**Data listing:**
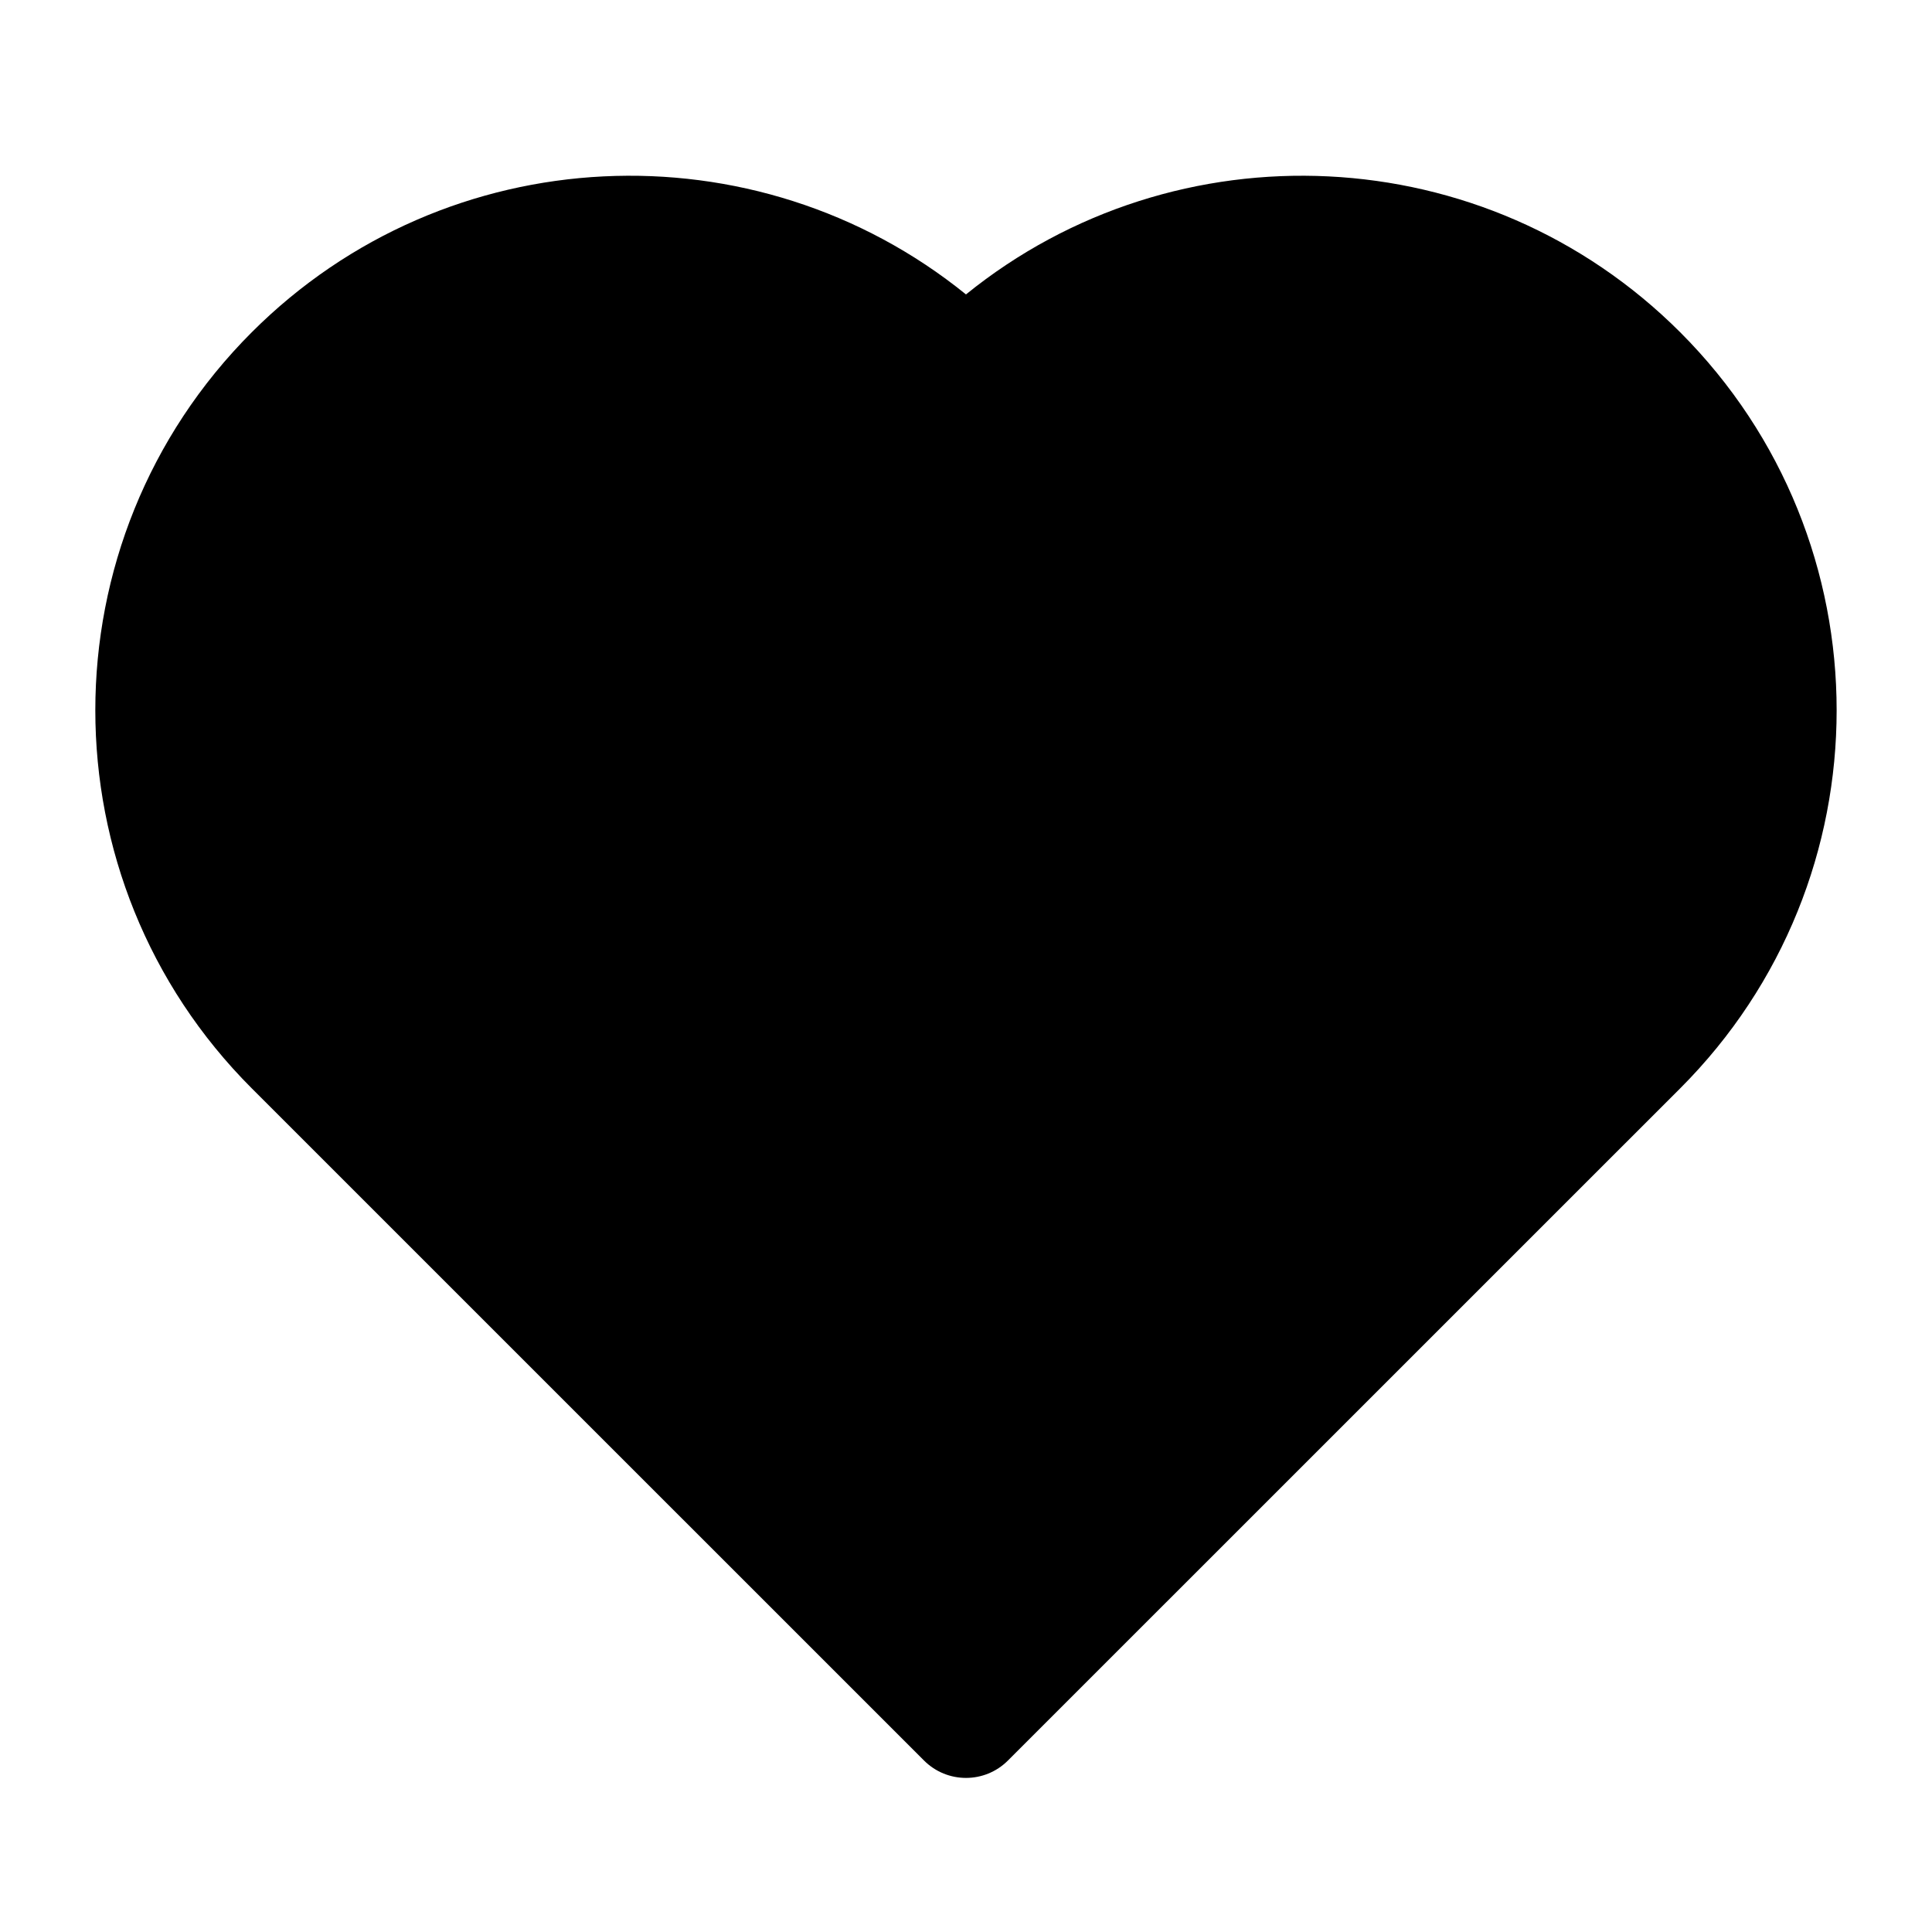 <?xml version="1.0" encoding="UTF-8"?>
<!-- Uploaded to: SVG Repo, www.svgrepo.com, Generator: SVG Repo Mixer Tools -->
<svg fill="#000000" width="800px" height="800px" version="1.1" viewBox="144 144 512 512" xmlns="http://www.w3.org/2000/svg">
 <path d="m400 222.03c-55.629-45.051-137.54-41.711-189.27 10.012-55.293 55.293-55.293 145.1 0 200.39l178.14 178.12c6.152 6.152 16.102 6.152 22.25 0l178.14-178.12c55.293-55.293 55.293-145.1 0-200.39-51.746-51.723-133.66-55.062-189.27-10.012z" fill-rule="evenodd"/>
</svg>

**Task brief:**
Working from the listing above, retype it exactly but include no images.

**Response to the task:**
 <?xml version="1.0" encoding="UTF-8"?>
<!-- Uploaded to: SVG Repo, www.svgrepo.com, Generator: SVG Repo Mixer Tools -->
<svg fill="#000000" width="800px" height="800px" version="1.1" viewBox="144 144 512 512" xmlns="http://www.w3.org/2000/svg">
 <path d="m400 222.03c-55.629-45.051-137.54-41.711-189.27 10.012-55.293 55.293-55.293 145.1 0 200.39l178.14 178.12c6.152 6.152 16.102 6.152 22.25 0l178.14-178.12c55.293-55.293 55.293-145.1 0-200.39-51.746-51.723-133.66-55.062-189.27-10.012z" fill-rule="evenodd"/>
</svg>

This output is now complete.